Layr-Labs / eigenda

Secure, high-throughput, and decentralized Data Availability
220 stars 168 forks source link

[1/N][GPU encoder] Add benchmarking code and refactor encoding module #715

Closed dmanc closed 1 month ago

dmanc commented 1 month ago

Why are these changes needed?

Adds benchmarking code under encoding/bench. Run make benchmark_cpu to run a benchmark with the default settings. The command outputs a file called benchmark_results.json that has a list of encode times for each run.

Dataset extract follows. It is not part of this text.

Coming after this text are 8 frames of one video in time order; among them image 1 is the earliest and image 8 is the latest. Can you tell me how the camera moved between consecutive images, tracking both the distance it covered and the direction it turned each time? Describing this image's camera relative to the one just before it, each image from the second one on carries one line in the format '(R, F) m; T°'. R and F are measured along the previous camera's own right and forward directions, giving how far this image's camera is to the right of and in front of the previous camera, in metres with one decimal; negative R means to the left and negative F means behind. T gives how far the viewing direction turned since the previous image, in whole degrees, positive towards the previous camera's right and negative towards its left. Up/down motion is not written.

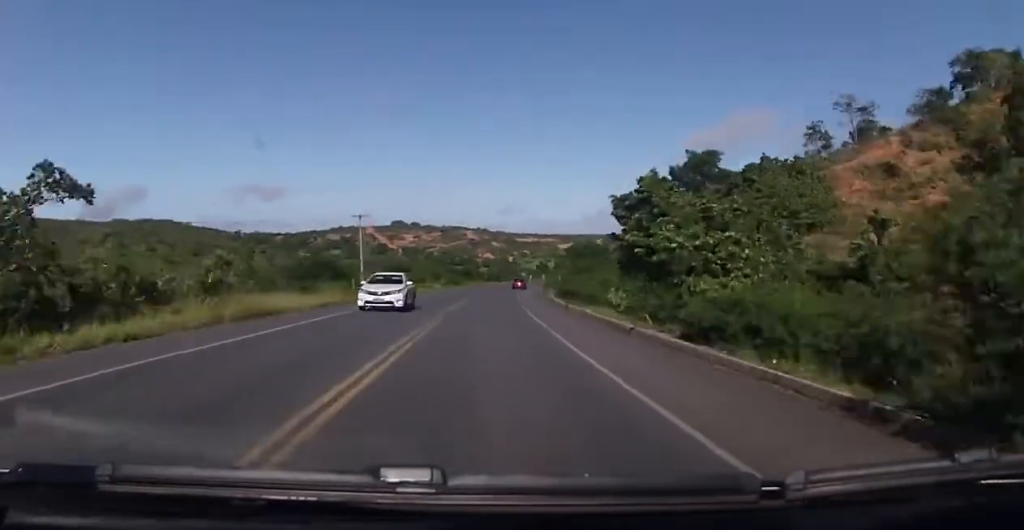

    flag.StringVar(&config.OutputFile, "output", "benchmark_results.json", "Output file for results")
    flag.Uint64Var(&config.BlobLength, "blob-length", 1048576, "Blob length (power of 2)")
    flag.Uint64Var(&config.NumChunks, "num-chunks", 8192, "Minimum number of chunks (power of 2)")
    flag.Uint64Var(&config.NumRuns, "num-runs", 10, "Number of times to run the benchmark")
    flag.StringVar(&config.CPUProfile, "cpuprofile", "", "Write CPU profile to file")
    flag.StringVar(&config.MemProfile, "memprofile", "", "Write memory profile to file")
    flag.BoolVar(&config.EnableVerify, "enable-verify", false, "Verify blobs after encoding")

The PR also refactors the code in order to support GPU based components in the future. Separating out the ideas present in into multiple PRs.

Got the following result on a g6.4xlarge (only using the CPU code)

| Encoded Blob Size | Num Chunks | Chunk Len | Encoding time (avg 10 runs) | Dominant factor |
| 32768             | 8192       | 1         | 12.774s                   | Multiproof fft1 |
| 65536             | 8192       | 2         | 12.853s                   | Multiproof fft1 |
| 131072            | 8192       | 4         | 12.969s                   | Multiproof fft1 |
| 262144            | 8192       | 8         | 13.099s                   | Multiproof fft1 |
| 524288            | 8192       | 16        | 13.360s                   | Multiproof fft1 |
| 1048576           | 8192       | 32        | 13.765s                   | Multiproof fft1 |
| 2097152           | 8192       | 64        | 14.496s                   | Multiproof fft1 |
| 4194304           | 8192       | 128       | 15.803s                   | Multiproof fft1 |
| 8388608           | 8192       | 256       | 18.043s                   | Multiproof fft1 |
| 16777216          | 8192       | 512       | 24.041s                   | Multiproof msm  |
| 33554432          | 8192       | 1024      | 29.168s                   | Multiproof msm  |

In addition, at the larger blob sizes the reed solomon encoding also becomes a dominant factor which suggest we should focus on accelerating ComputeMultiFrameProof and ExtendPolyEval.